-- Opening Marker --

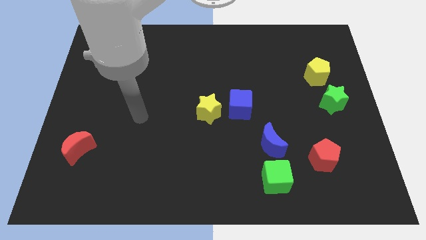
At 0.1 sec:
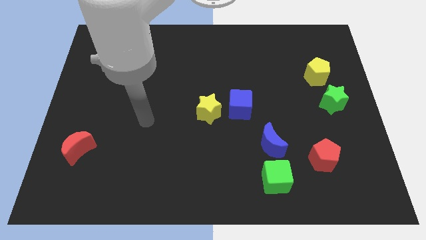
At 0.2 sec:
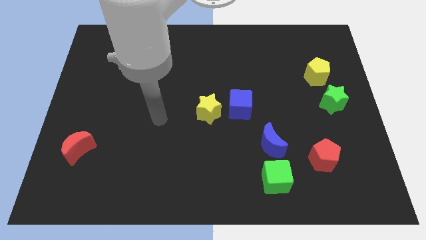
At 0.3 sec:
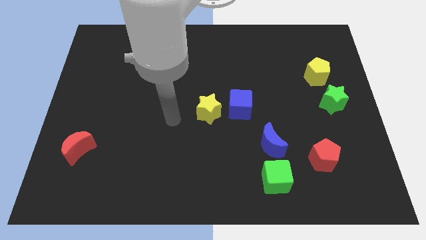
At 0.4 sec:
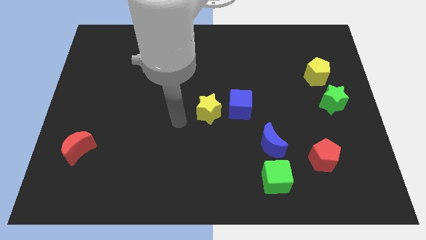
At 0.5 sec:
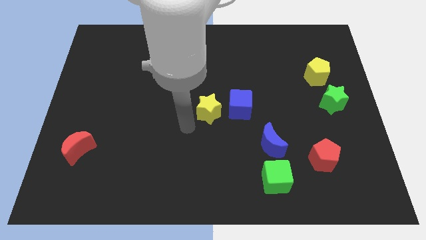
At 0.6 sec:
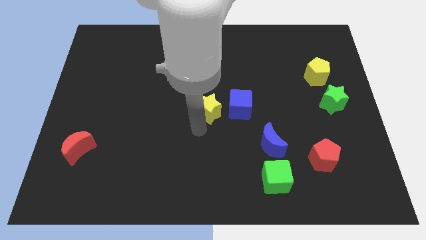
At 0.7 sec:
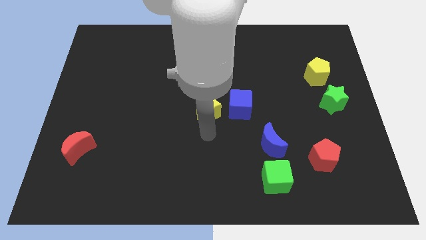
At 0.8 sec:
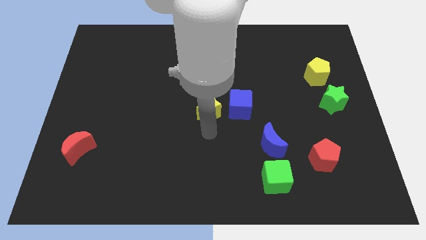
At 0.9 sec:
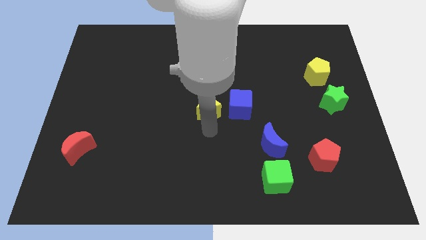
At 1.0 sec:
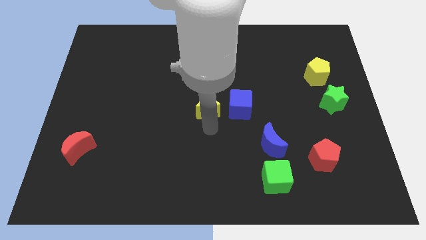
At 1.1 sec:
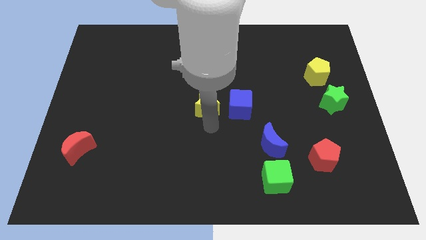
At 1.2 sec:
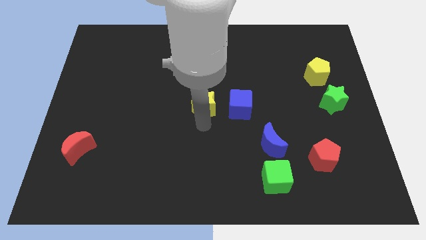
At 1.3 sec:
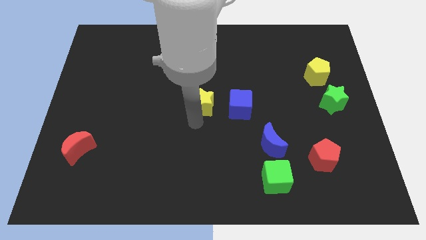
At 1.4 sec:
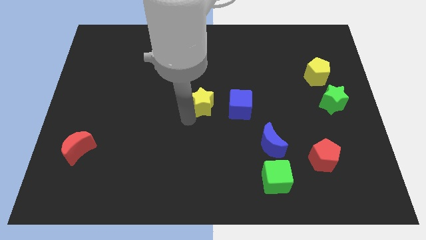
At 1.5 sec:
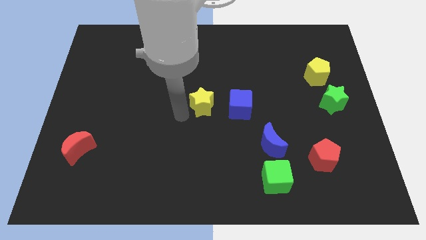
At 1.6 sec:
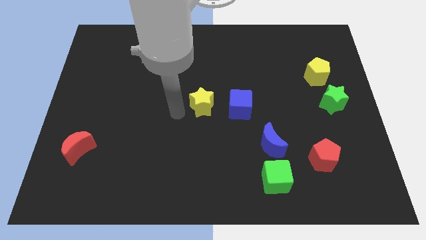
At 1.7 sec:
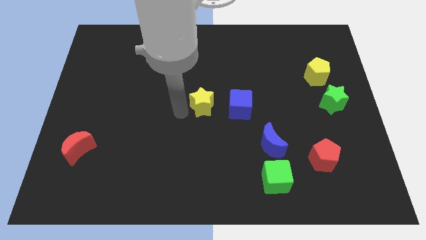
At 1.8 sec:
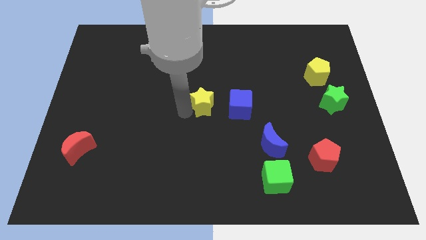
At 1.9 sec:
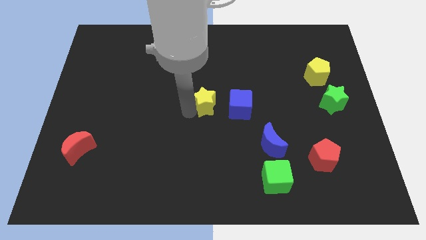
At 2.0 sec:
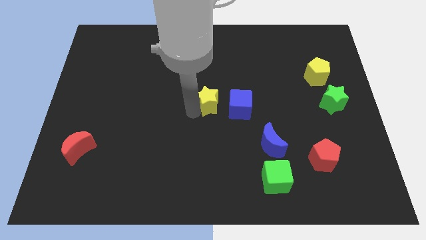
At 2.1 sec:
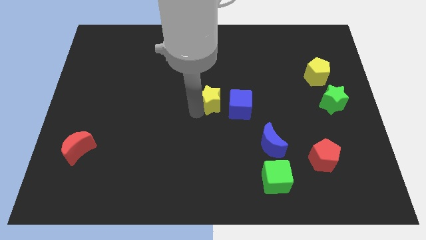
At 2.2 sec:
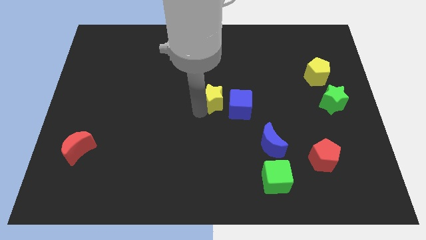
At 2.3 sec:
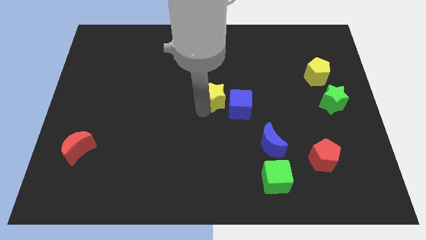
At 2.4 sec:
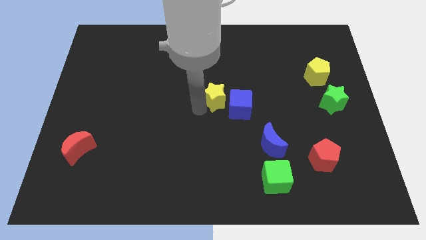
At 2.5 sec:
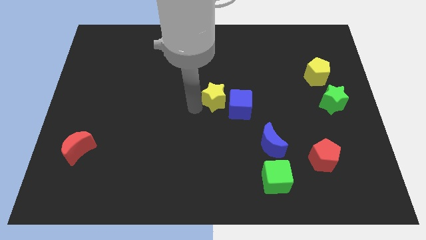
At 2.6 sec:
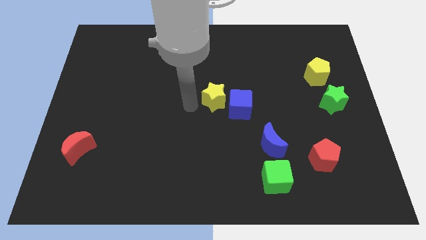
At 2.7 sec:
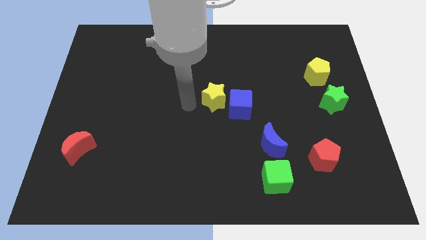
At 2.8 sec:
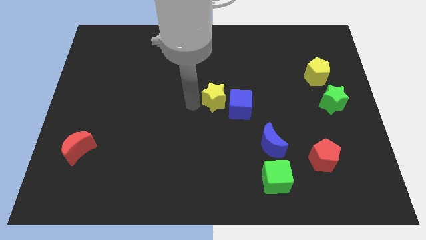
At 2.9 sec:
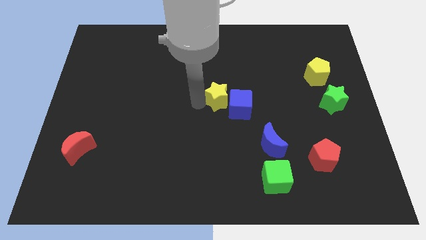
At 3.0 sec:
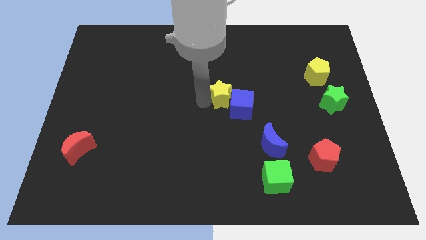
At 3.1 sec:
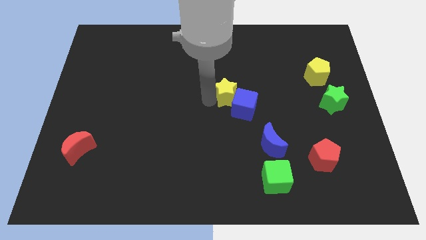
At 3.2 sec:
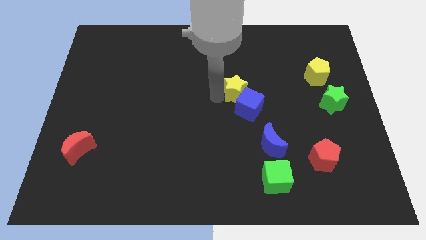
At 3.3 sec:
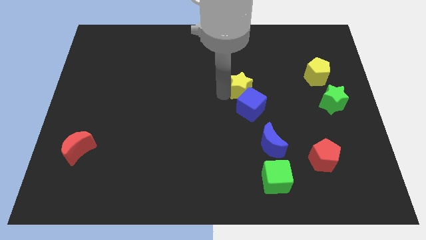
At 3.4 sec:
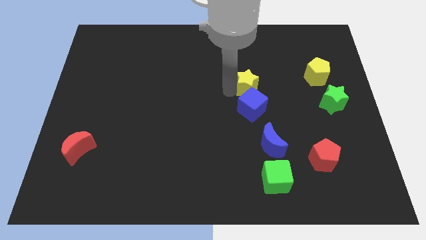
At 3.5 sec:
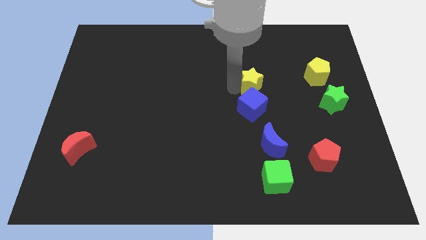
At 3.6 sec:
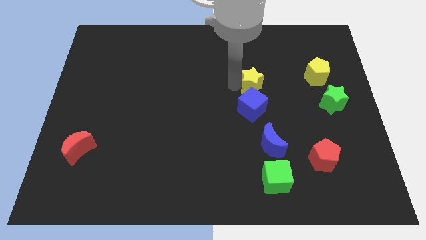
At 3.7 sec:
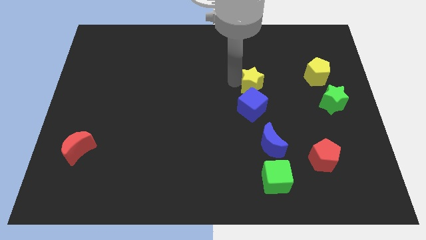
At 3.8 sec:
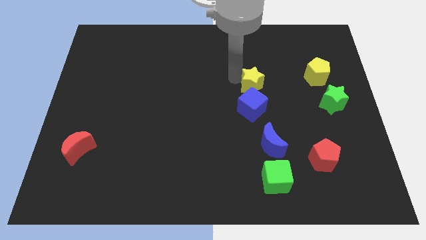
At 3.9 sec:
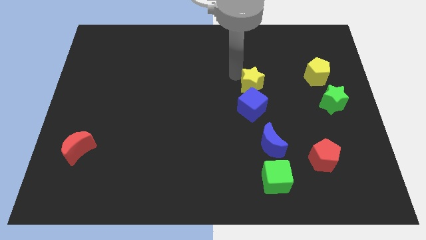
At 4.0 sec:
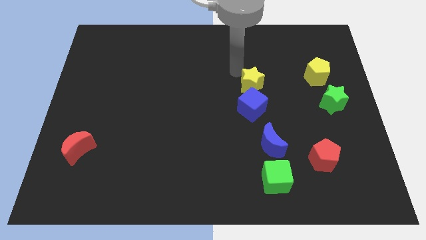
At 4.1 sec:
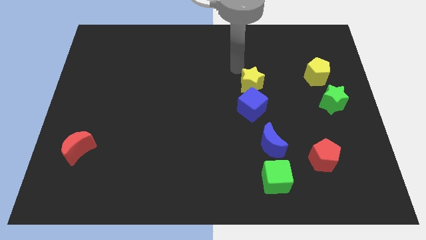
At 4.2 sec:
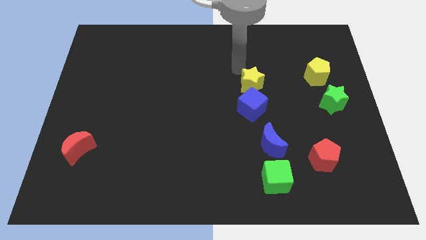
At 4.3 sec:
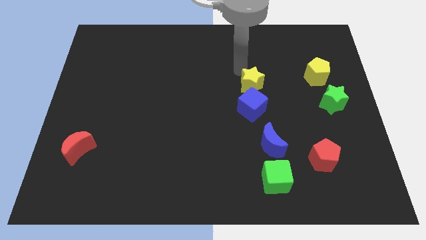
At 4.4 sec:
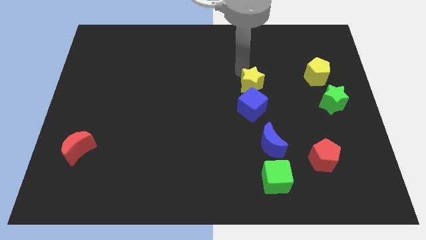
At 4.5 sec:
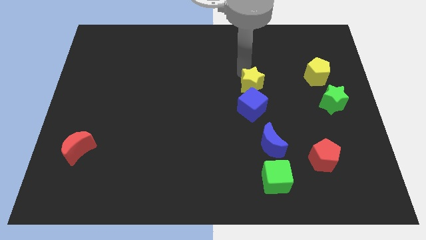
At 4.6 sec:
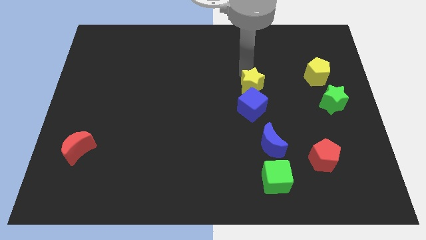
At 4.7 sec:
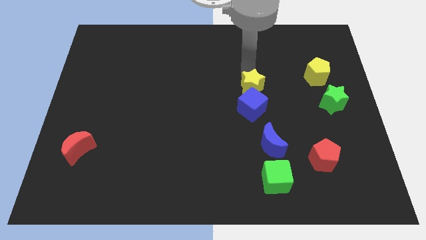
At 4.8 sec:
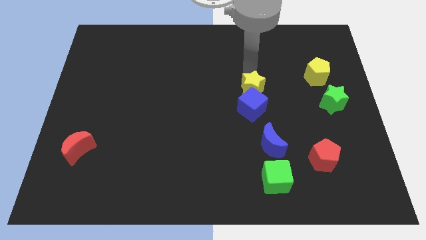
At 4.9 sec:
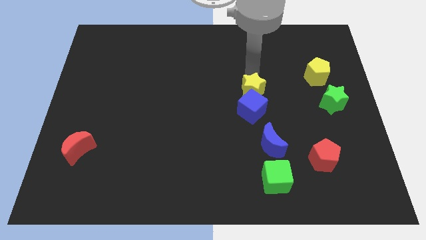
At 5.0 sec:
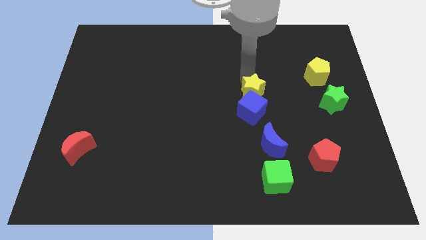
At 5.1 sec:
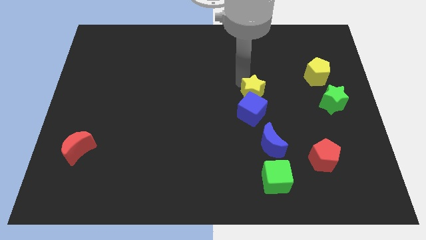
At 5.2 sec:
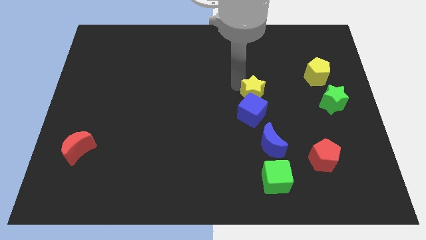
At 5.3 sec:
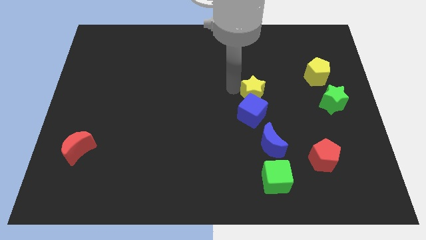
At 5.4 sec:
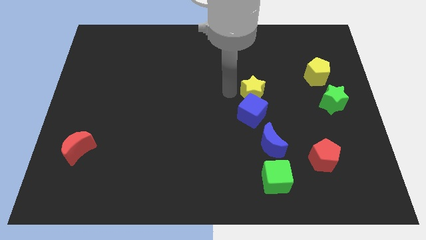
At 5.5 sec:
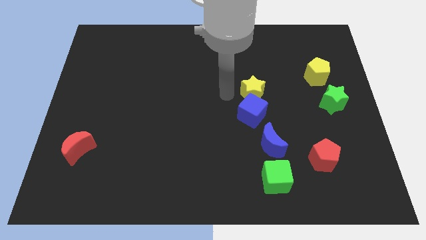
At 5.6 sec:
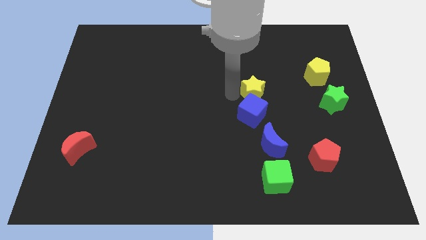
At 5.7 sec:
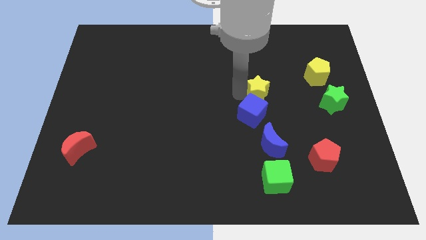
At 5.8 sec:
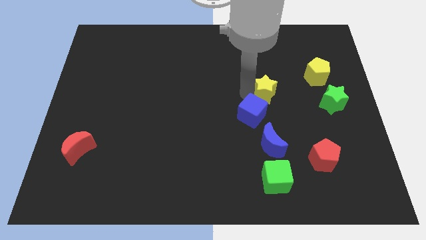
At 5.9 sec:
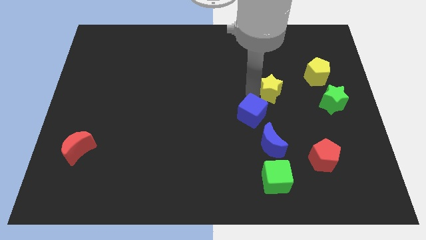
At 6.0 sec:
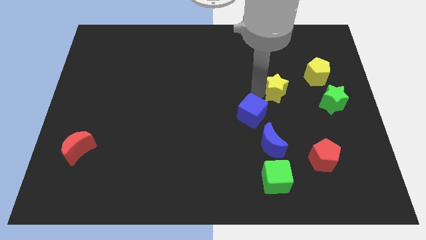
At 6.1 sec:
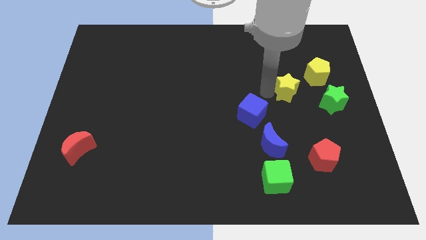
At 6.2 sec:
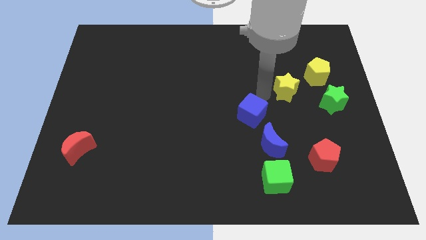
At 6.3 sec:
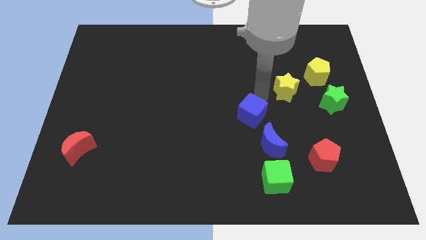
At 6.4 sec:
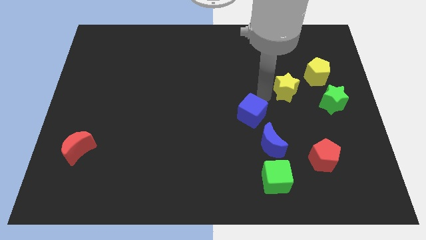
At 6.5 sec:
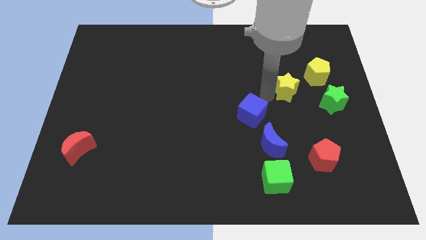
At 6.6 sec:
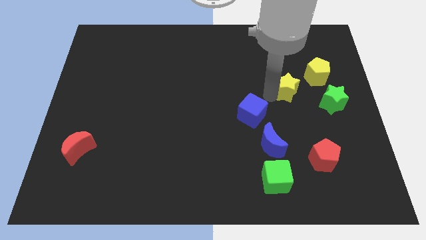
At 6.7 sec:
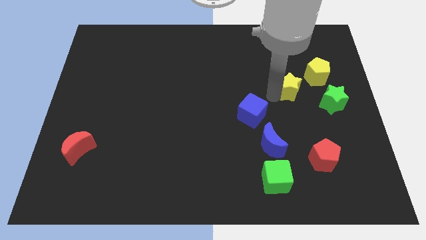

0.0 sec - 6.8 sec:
slide the yellow star to the top left of the green star

-- Closing Marker --

*Problem statement:*
An exact copy of the data above is required, printed without its pictures.

*Output for this task:*
At 0.1 sec:
At 0.2 sec:
At 0.3 sec:
At 0.4 sec:
At 0.5 sec:
At 0.6 sec:
At 0.7 sec:
At 0.8 sec:
At 0.9 sec:
At 1.0 sec:
At 1.1 sec:
At 1.2 sec:
At 1.3 sec:
At 1.4 sec:
At 1.5 sec:
At 1.6 sec:
At 1.7 sec:
At 1.8 sec:
At 1.9 sec:
At 2.0 sec:
At 2.1 sec:
At 2.2 sec:
At 2.3 sec:
At 2.4 sec:
At 2.5 sec:
At 2.6 sec:
At 2.7 sec:
At 2.8 sec:
At 2.9 sec:
At 3.0 sec:
At 3.1 sec:
At 3.2 sec:
At 3.3 sec:
At 3.4 sec:
At 3.5 sec:
At 3.6 sec:
At 3.7 sec:
At 3.8 sec:
At 3.9 sec:
At 4.0 sec:
At 4.1 sec:
At 4.2 sec:
At 4.3 sec:
At 4.4 sec:
At 4.5 sec:
At 4.6 sec:
At 4.7 sec:
At 4.8 sec:
At 4.9 sec:
At 5.0 sec:
At 5.1 sec:
At 5.2 sec:
At 5.3 sec:
At 5.4 sec:
At 5.5 sec:
At 5.6 sec:
At 5.7 sec:
At 5.8 sec:
At 5.9 sec:
At 6.0 sec:
At 6.1 sec:
At 6.2 sec:
At 6.3 sec:
At 6.4 sec:
At 6.5 sec:
At 6.6 sec:
At 6.7 sec:

0.0 sec - 6.8 sec:
slide the yellow star to the top left of the green star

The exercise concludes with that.